Open data is about more than a licence

The release of the “Higher Education Student Statistics: UK, 2016/2017” (Statistical First Release 247) by HESA was accompanied around the sector by a series of sudden sharp intakes of breath in institutional data offices. It represents a brave and bold move into new ways of presenting and sharing data, and showed off a new format that will delight some and disappoint others. In this article I look at what has changed, and why.

The dash for designation

In applying for Designated Data Body status in England, HESA has made a move towards offering “open data”, suggesting that “From 2021 all of our publications will be available in open data format, allowing additional access to the information we enrich.” The Open Data Institute defines open data as “data that anyone can access, use or share,” which sounds like a pretty good thing. In many cases, though, open data has simply meant data that is available under an open (usually Creative Commons) licence – good to have legal clarity, but not at all the same as providing easily usable data.. HESA should be lauded for making this move for SFR248, but it is only a starting point.

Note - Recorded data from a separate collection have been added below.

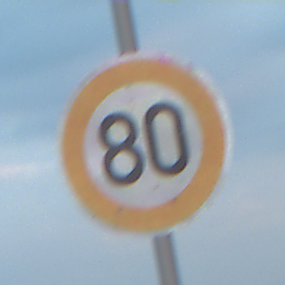
Verkehrszeichen: Geschwindigkeit80
Umgebung: Outdoor, Beach
Tageszeit: SunriseSunset
Wetter: PartlyCloudy
Licht: Natural
Jahreszeit: NotSpecified
Kontrast: MediumContrast
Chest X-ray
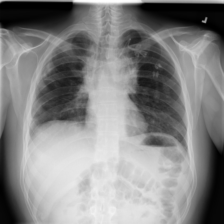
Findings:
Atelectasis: positive
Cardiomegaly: negative
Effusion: negative
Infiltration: negative
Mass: negative
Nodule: negative
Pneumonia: negative
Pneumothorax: negative
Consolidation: negative
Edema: negative
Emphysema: negative
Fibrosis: negative
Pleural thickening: negative
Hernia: negative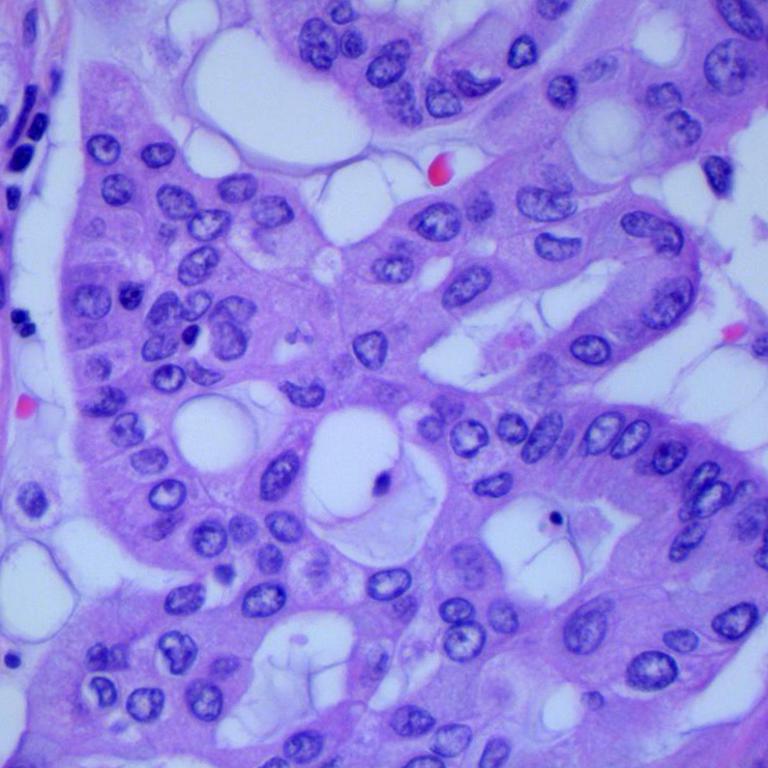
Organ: lung
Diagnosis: adenocarcinomas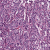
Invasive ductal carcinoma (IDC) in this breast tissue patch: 1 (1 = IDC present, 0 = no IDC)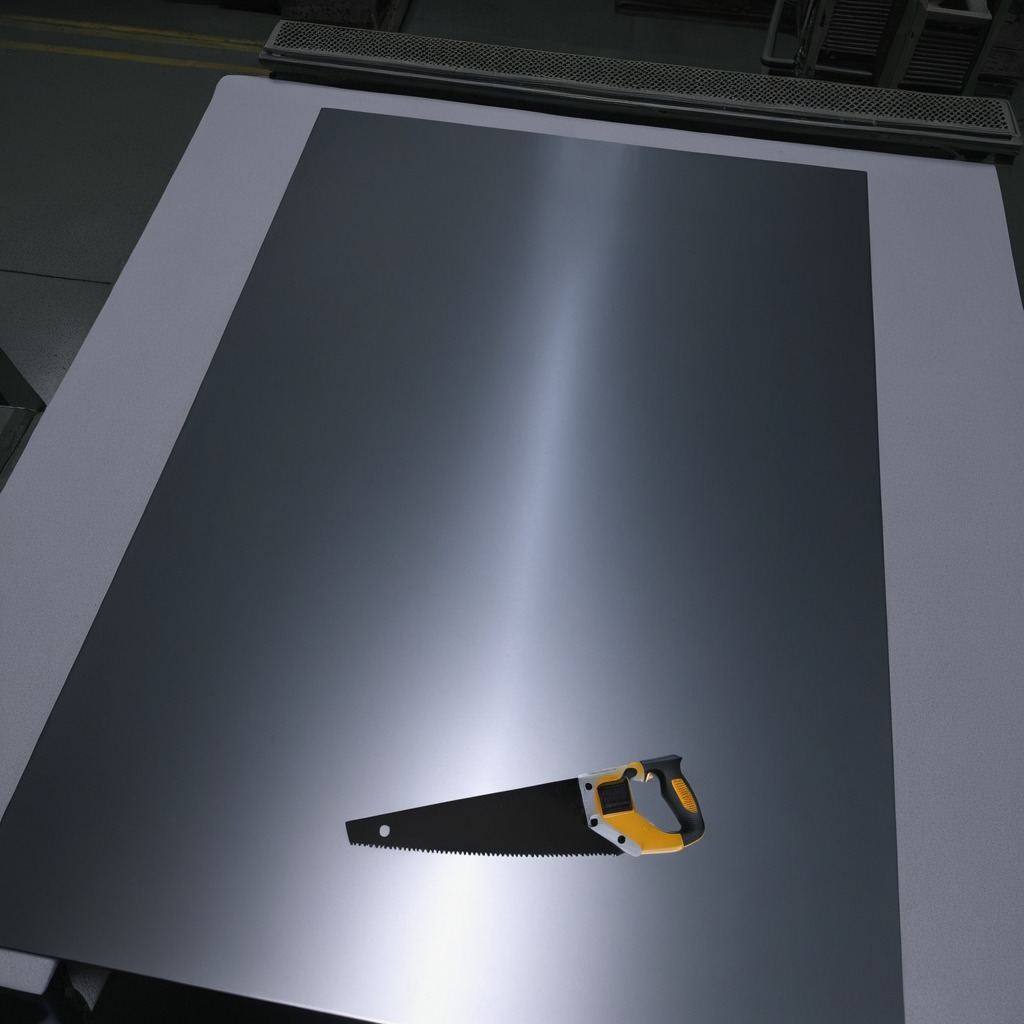
A metal saw is lying on a clean empty table in a basement in the evening.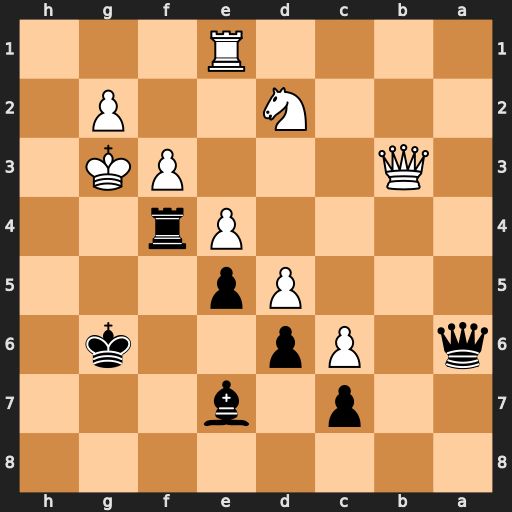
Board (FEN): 8/2p1b3/q1Pp2k1/3Pp3/4Pr2/1Q3PK1/3N2P1/4R3
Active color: b
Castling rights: -
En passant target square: -
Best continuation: Bh4+ Kh2 Bxe1
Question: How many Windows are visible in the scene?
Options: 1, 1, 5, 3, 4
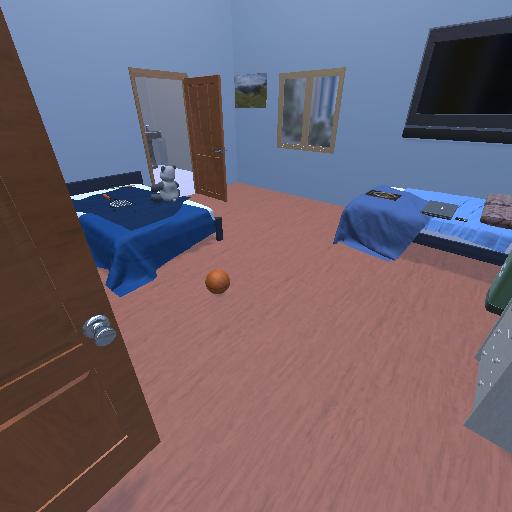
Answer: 1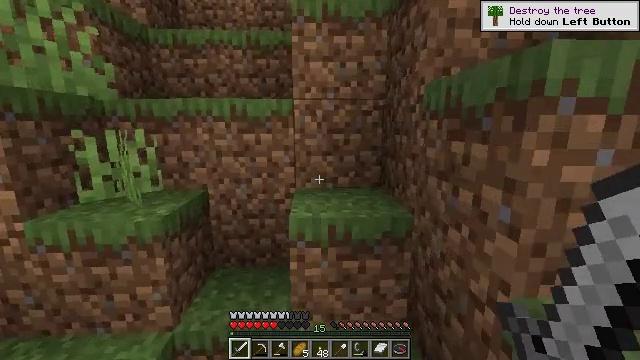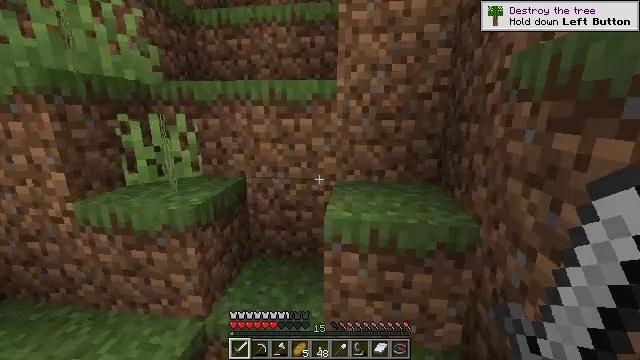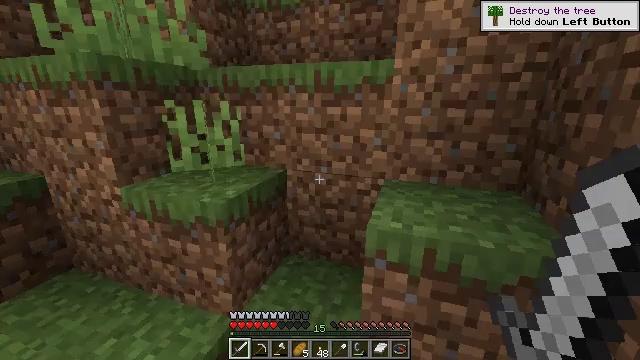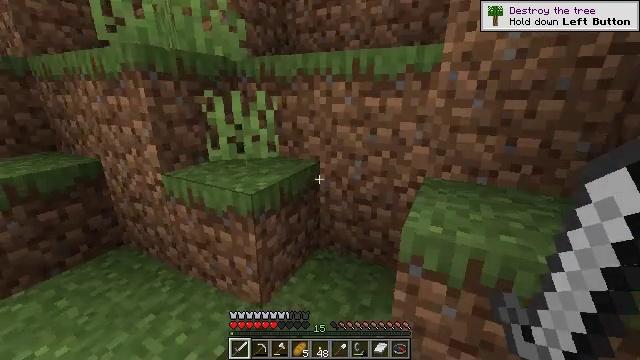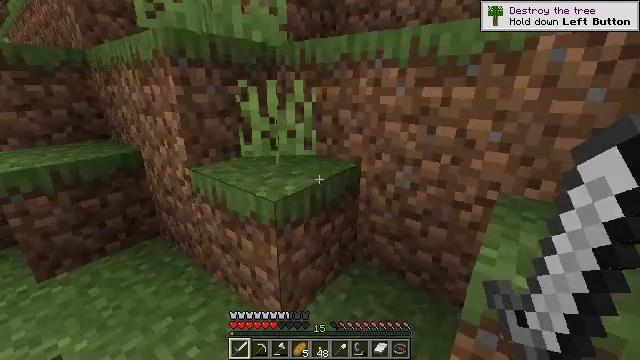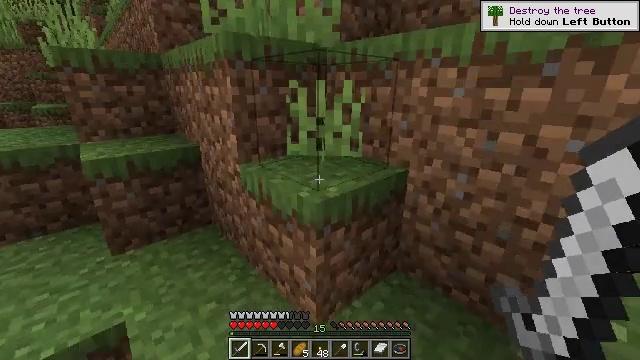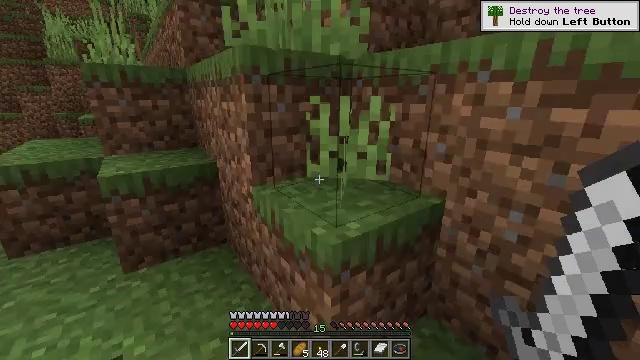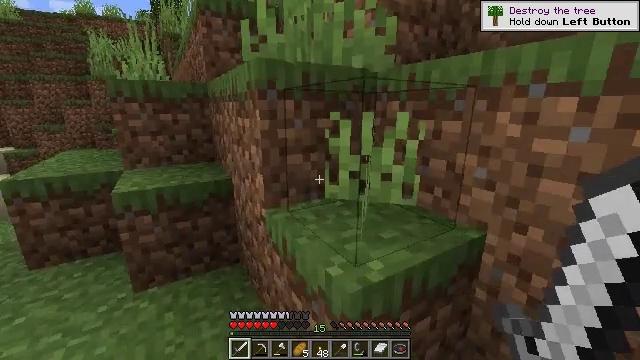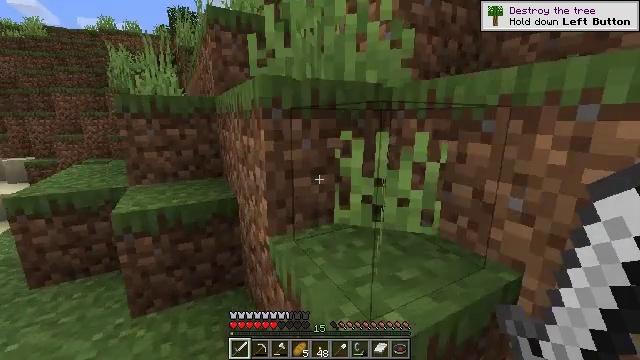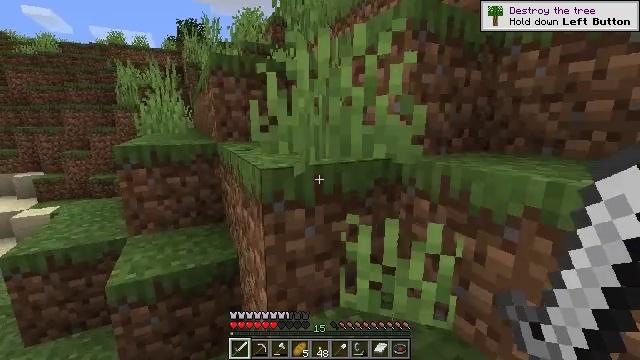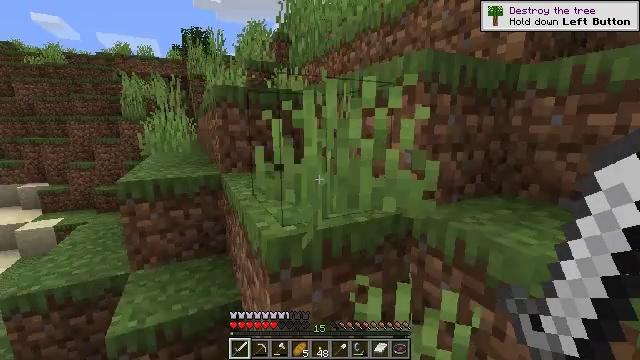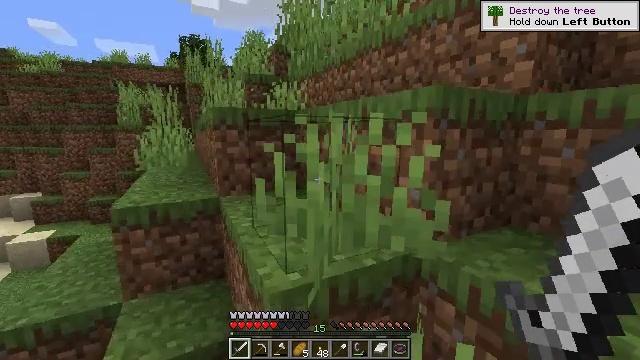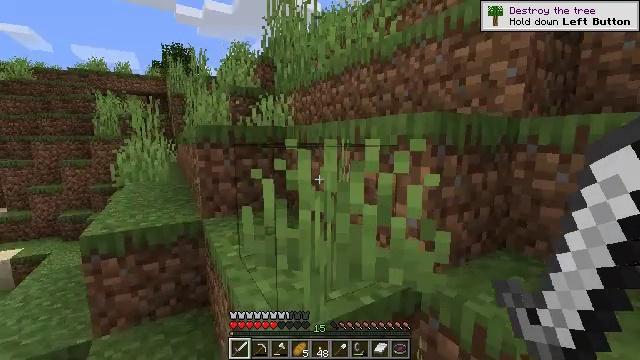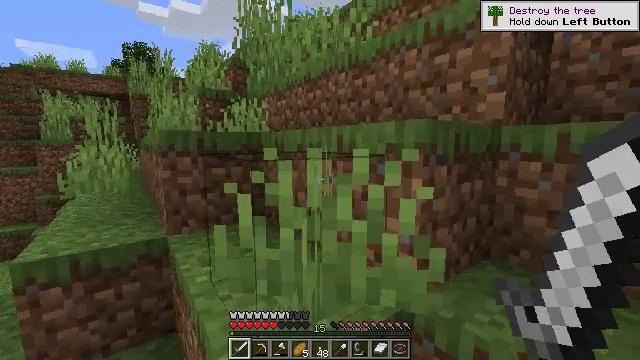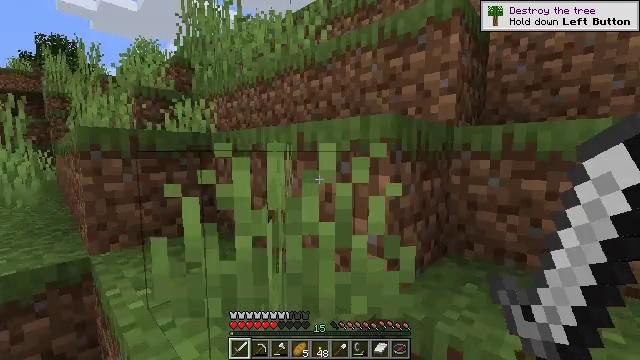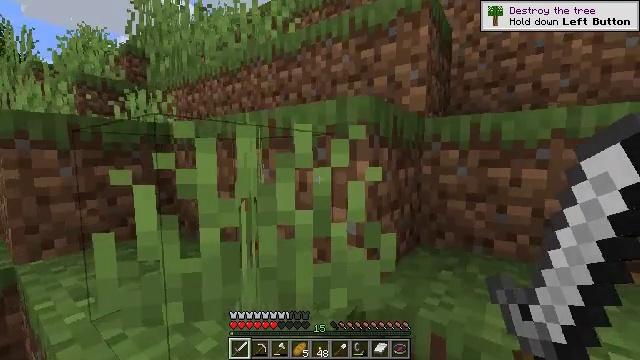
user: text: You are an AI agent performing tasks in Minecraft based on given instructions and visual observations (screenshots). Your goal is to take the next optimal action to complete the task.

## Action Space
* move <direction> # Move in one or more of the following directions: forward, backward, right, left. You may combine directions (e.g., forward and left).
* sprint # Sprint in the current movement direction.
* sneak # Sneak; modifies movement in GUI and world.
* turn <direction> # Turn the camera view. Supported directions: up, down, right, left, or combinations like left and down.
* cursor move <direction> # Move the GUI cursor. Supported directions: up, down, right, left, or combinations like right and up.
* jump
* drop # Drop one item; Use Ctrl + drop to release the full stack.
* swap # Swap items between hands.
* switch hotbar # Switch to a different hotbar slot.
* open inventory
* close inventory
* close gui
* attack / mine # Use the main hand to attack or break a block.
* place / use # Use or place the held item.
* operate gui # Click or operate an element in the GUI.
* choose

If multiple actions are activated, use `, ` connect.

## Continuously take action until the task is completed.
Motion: motion action
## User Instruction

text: Break the dead bush for sticks.
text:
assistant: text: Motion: move forward, turn left and down
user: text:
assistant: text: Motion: move forward, turn left and down
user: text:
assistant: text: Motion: move forward, turn left and down
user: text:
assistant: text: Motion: move forward, turn left and down
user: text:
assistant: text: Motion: move forward, turn left
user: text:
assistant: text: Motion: move forward, turn left and up
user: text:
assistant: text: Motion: move forward, turn left and up
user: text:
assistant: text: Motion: move forward, turn left and up, jump
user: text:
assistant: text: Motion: move forward, turn left, jump
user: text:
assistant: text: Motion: move forward, jump
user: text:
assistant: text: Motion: move forward, turn up, jump
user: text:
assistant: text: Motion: move forward, turn right and up, jump
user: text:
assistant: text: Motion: move forward, turn right
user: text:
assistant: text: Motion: move forward, turn right and up
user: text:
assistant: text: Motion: move forward, turn right
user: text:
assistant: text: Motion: move forward, turn right
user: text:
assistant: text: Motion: move forward, jump
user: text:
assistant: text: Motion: move forward, jump
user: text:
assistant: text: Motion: move forward, jump
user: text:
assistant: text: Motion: move forward, jump
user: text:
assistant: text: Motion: move forward
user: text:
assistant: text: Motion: move forward, turn left and down
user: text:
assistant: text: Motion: move forward, turn left and down
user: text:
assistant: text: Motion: move forward, jump
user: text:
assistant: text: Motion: move forward, jump
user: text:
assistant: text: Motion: move forward, jump
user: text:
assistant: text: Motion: move forward, turn right and up, jump
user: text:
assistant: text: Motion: move forward
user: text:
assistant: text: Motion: move forward, turn right and up
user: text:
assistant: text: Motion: move forward, turn right

The Designated Data Body will have to comply with the Code of Practice for Official Statistics (there will be no need for it to be designated as a provider of official statistics, although HESA is). This concise manual sets out the principles that underpin the way government statistics need to be designed. Principle 8 requires that data bodies “ensure that official statistics are disseminated in forms that enable and encourage analysis and re-use.” Principle 4 requires that statistical releases “promote comparability within the UK […] by adopting common standards” and “where […] changes are made to methods or coverage, produce consistent historical data where possible.”

The new SFR

The changes to the Statistical First Release (SFR) format make the report easier to skim. Tableau-style interactive graphics allow the viewer to quickly answer immediate questions concerning particular groups or institutions. But seasoned HESA readers will note – with some considerable alarm – the absence of the old Excel tables.

This is a deliberate decision. As the release says, “All the data is presented in interactive tables on the HESA website and will not be published in Excel spreadsheets. Below each table you will find a ‘Get the data’ button; this button will allow you to download a *.csv file of the data.”

But this is the data as prepared to create the visualisation so the clarity of the old sheets is lost, as is the consistency with previous presentations that allows for the kind of year-on-year comparison that we enjoy here at Wonkhe. Utterly unforgivably, UK Provider Reference Numbers (UKPRNs) are absent.

If this is a foretaste of the way HESA data will be made available in the future, I’m not delighted with it.

Why have they done this?

HESA argues that these data releases are not designed for detailed statistical manipulation – after all, the numbers are rounded, and they’d really rather you used the more nuanced data on the (undeniably cool) HEIDIplus system. But for a lot of use cases these easily available spreadsheets fit well into data manipulation workflows – if, say, you were idly interested in how changes in student numbers correlated to TEF Awards it would be this data you would reach for in the first instance. And if you are not lucky enough to be based in a university, it would be your only option.

HESA told us: “The rationale behind the new SFR format is to provide more data and make it easier to find any particular statistic. Using filtered Google tables and charts we replace the need for numerous Excel tables based on different populations and with each attempting to cross-tabulate multiple variables.”

The new presentation may be more attractive but, as someone who has used this data over a number of years, I would argue it makes it harder to use. For institutional data, the absence of UKPRNs means that these now need to be added manually – if you’ve ever done this, you’ll know what a bind this can be. The larger datasets have multiple rows for different aspects of the same core category – much more difficult to read, and requires some serious hacking about in Excel to recreate the much clearer single row approach.

A HESA spokesperson argued that “the background data tables generally contain more data than the equivalent Excel tables from previous years.” If they do, I’ve yet to find it – and even if there is further data the fact that it is no longer directly comparable with what came previously makes the value limited.

Oddly, the spokesperson claimed that “They are however much more suitable for use in simple tools like pivot tables where the old tables would have needed to be stripped of their design features and cross-tabulation artefacts.” The whole point of pivot tables is that they can handle any data you throw at them, and if you need to specifically format data to put into a pivot table you are doing pivot tables wrong. Certainly, my colleague Catherine is a pivot table fan and has had no issues with using the technique with previous releases (I’m more of an old-school formulas-and-filters person, as it happens).

HESA are actively looking for your feedback on the format of this new release. If you’ve been affected by any of the issues raised here, or have other opinions about the way SFRs will be presented in the future, please do let them know.

Note: In response to this article, HESA have now added UKPRNs into some of the downloadable tables.